Accuracy Prediction Model: The accuracy \(a(b)\) of an execution branch is profiled in the offline training dataset and looked up in the online phase. The intuition is that the accuracy of each branch stays the same in the online phase, since both the offline training dataset and the online test dataset follow an independent and identical distribution. Considering the accuracy is meaningful given a large enough dataset and the number of execution branches is large, the cost of offline profiling is significant. Thus, we use the three following techniques to speed up the profiling. First, we prune out the inferior branches in terms of accuracy and efficiency and only use efficient yet effective models for the final design. For example, only SSD and EfficientDet are considered the choices of object detectors. Second, we use the high-end servers to profile the accuracy of each branch, since our multi-branch execution kernel produces deterministic and consistent results between servers and embedded devices. Finally, our profiling leverages the fact that the branches with the same configurations except for detector internal i can reuse the object detection results on the frames where the object detector runs. We first profile the accuracy of all execution branches with \(i=1\) (object detector only), save the detection results, and then profile the accuracy of other execution branches and reuse the saved detection results.
To match stringent users’ efficiency requirements—energy or latency—of inference at real-time (e.g., 30 or 50 FPS) on embedded devices, the low overhead of the branch prediction models must be prioritized. Our implementation of lightweight prediction models comes with the benefit of low overhead. We empirically find that the overall latency overhead of our scheduler is less than 1 ms on all of our set of Jetson boards (0.16 ms on AGX Xavier, 0.26 ms on Xavier NX, and 0.19 ms on TX2), which is marginal compared to the typical real-time frame rate of 30 FPS. Note that this overhead includes all of the branch selection time and the branch switching time. Overall, with lightweight prediction models and low overhead of the scheduler, Virtuoso is able to dynamically adapt at runtime based on changes in user-specified latency or energy requirement.

4 Implementation

In this section, we mainly describe the implementation details of our multi-branch object detection kernel (Section 4.1), training details of object detectors (Section 4.2), and the embedded devices we used for evaluation (Section 4.3).

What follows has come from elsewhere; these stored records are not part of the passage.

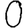
Digit: 0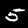
Digit: 5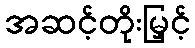
အဆင့်တိုးမြှင့်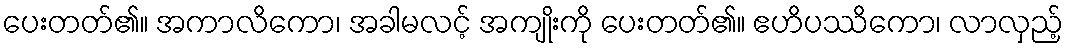
ပေးတတ်၏။ အကာလိကော၊ အခါမလင့် အကျိုးကို ပေးတတ်၏။ ဧဟိပဿိကော၊ လာလှည့်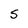
Character: S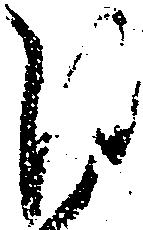
日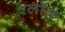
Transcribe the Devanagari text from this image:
श्लॉक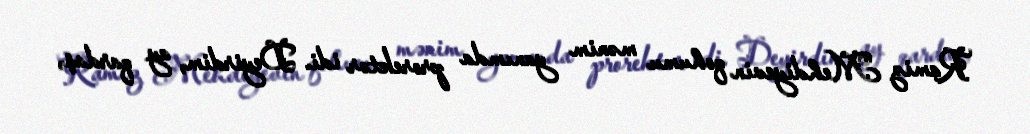
Ramiz Mehdiyevin qohumu mənim yanımda prorektor idi. Deyirdim, ay qardaş,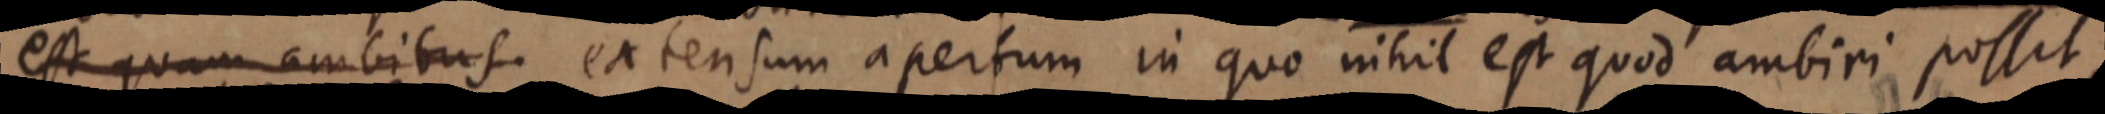
est quam ambitus extensum apertum in quo nihil est quod ambiri possit,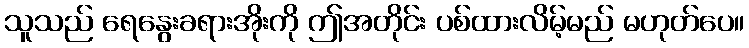
သူသည် ရေနွေးခရားအိုးကို ဤအတိုင်း ပစ်ထားလိမ့်မည် မဟုတ်ပေ။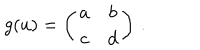
g ( u ) = \left( \begin{array} { c c } { { a } } & { { b } } \\ { { c } } & { { d } } \\ \end{array} \right) \, .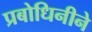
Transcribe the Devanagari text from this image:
प्रबोधिनीने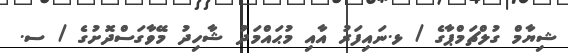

4.1 Efficient Multi-branch Object Detection Kernel

We implement our efficient multi-branch object detection kernel with the following software stacks: CUDA 10.2.89 and CuDNN 8.0.0.180 as the base libraries for GPU-accelerated DNN primitives, and TensorFlow 2.4.0 with Python 3.6, for developing the overall framework. Also, given the multiple efficiency knobs we have implemented, there exists a vast number of execution branch combinations. Thus, we propose the following implementation techniques to reduce both offline and online costs to a practically feasible level.
Pruning the Efficiency Knobs: First, we only consider EfficientDet and SSD as the object detector backbone in Virtuoso, as they show superior performance in energy, latency, and accuracy, compared to FRCNN and YOLO. Also, these two object detectors are optimized for performance on mobile devices. While Virtuoso only incorporates EfficientDet and SSD due to their efficient design, we still include FRCNN and YOLO with other efficiency knobs, and use them as baselines for evaluation. Next, we narrow down the efficiency knobs to be applied to each object detector backbone. The “number of proposals” knob is exclusive to FRCNN, so it is not included in Virtuoso. For EfficientDet D0 and D3, the models come with the built-in input image resolution that is hard-coded—512 for EfficientDet D0 and 896 for EfficientDet D3—matching their scaling factor and the design of the feature pyramid architecture (what they refer to as the Bi-FPN). Therefore, the input image resolution knob is implemented only for SSD. In addition, we have tested the number of feature map knobs that are exclusive to SSD and checked the accuracy and latency of all possible combinations on the ILSVRC 2015 VID dataset. Our intuition of using a subset of the feature pyramid layers in MnasFPN is that reducing the number of layers used to compute the features will result in a benefit in latency with a moderate tradeoff of accuracy. However, due to the explicit design of the MnasFPN generated by the NAS technique, each feature level had a significant drop in accuracy, while removing feature levels afforded limited latency reduction benefits.
Defining a Set of Choices for Each Knob: Most efficiency knobs, e.g., input resolution, and detector interval can support any integer choices. However, due to the cost of offline profiling and online scheduling, we define a discrete set of choices for each knob as follows. The SSD and EfficientDet D0 and D3 are selected as the object detector backbones. Input image resolution for the detector is implemented for the SSD, and we use the shape of [192, 256, 320] as our pre-defined set of choices. The acceptable image resolution depends on the network architecture. MedianFlow tracker is selected for its lightweight design compared to the other trackers we have explored while maintaining comparable accuracy. The input resolution for the tracker is [100%, 50%, 25%] of the original resolution on height and width dimensions. For detector interval, we have [1, 2, 4, 8, 20, 100], and finally, we use confidence thresholds of [0.15, 0.30] to post-process the detection outputs from the object detector. The confidence threshold removes objects with lower confidence scores and controls the number of objects that need to be tracked by the object tracker.
Considering all the pre-defined efficiency knobs above, we have a total of 155 execution branches for Virtuoso. Having hundreds of branches in a multi-branch object detection kernel does not mean we have to store and load that many copies of branches in the disk or the memory. “Input resolution of the object detector backbone,” “number of proposals in the detector backbone,” “number of feature maps in the detector backbone,” “resizing factor of the object tracker,” “confidence threshold to track,” and “detector interval” can all be implemented as a control parameter with just one copy of the model. As for the choice of the object detector backbone and object tracker, we lower the switching cost among the execution branches by merging the static computation graphs of all object detector backbones. The benefit of merging the static graph is that each object detection backbone is only loaded into the GPU memory when it is executed, which saves resources for detector backbones not being used. In addition, the executed object detector backbones are preserved in a cached state, and Virtuoso is able to switch among loaded backbones with minimal overhead without requiring the initialization of the detector backbone.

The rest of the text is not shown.